I’m starting my third day at the IAMCR 2025 conference in Singapore with a panel on the political economy of AI, which starts with Benedetta Brevini. Attention to artificial intelligence has increased substantially in recent years, of course, and so has concern about the political economy of AI – with a growing focus also on the environmental impact of AI technologies and services. The massive environmental impact of artificial intelligence has now been recognised much more clearly.

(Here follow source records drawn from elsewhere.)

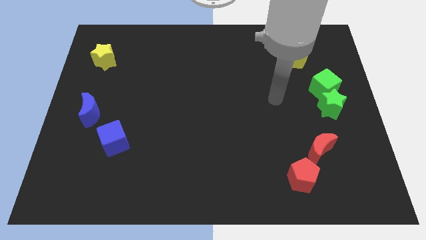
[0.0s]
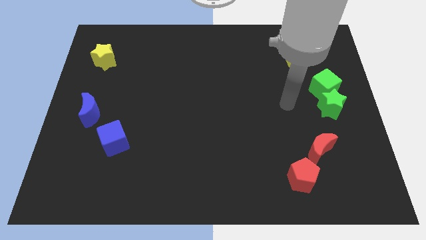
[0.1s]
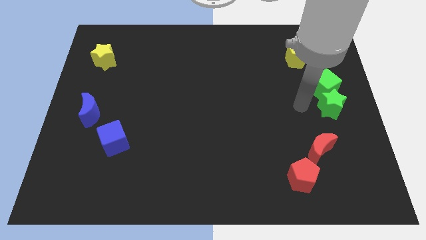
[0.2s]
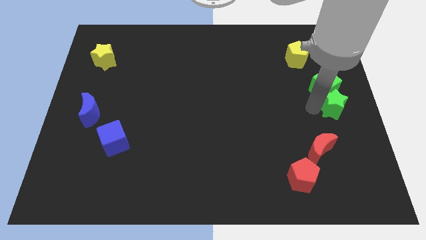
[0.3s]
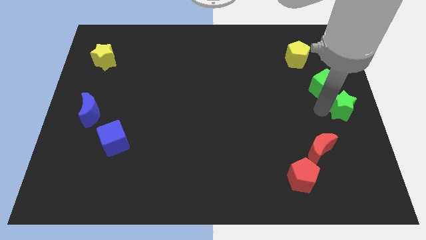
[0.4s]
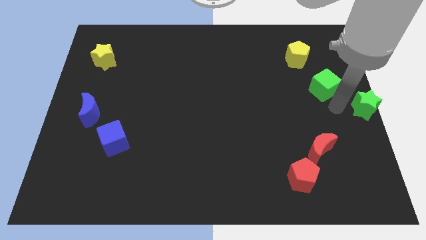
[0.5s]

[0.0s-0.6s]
pull the green cube apart from the green star

This is a conversation that can no longer be avoided; it has produced substantial coverage in media, reports, and other documentation, and there is a growing realisation that the power needs of AI are unsustainable. AI companies and CEOs are strongly pushing for the rapid development of greater power generation plants: the data centres they are now building rely on power supply that simply isn’t available at this point.
This places the blame on the public and politicians for not doing enough to service this massive expansion of power needs, rather than on companies for planning data centres that rely on power resources which are not currently available. The hegemonic discourse is overlooking the materiality of data centres and AI; this connects economic power issues with social, political, and environmental issues; what is emerging here is an eco-political economy of AI.
We must borrow from other disciplines to better understand what is going on here: geography, anthropology, Indigenous studies, environmental economics, wellbeing economics are some of those fields. We need to move beyond reductionist approaches that simplify the environmental impact of AI, and instead consider the entire production chain of artificial intelligence.
This starts with a consideration of the rare minerals and resources that are required for building data centres – cobalt, for instance, mined under inhumane labour conditions for poverty-level wages. It continues with what is currently the best-understood aspect of the value chain: the excessive carbon footprint of training AI models, in comparison to the pollution caused by other human activities. It ends with the e-waste of the devices that run and use AI, as they are replaced by newer generations of technology.
We need a policy toolkit to better understand this.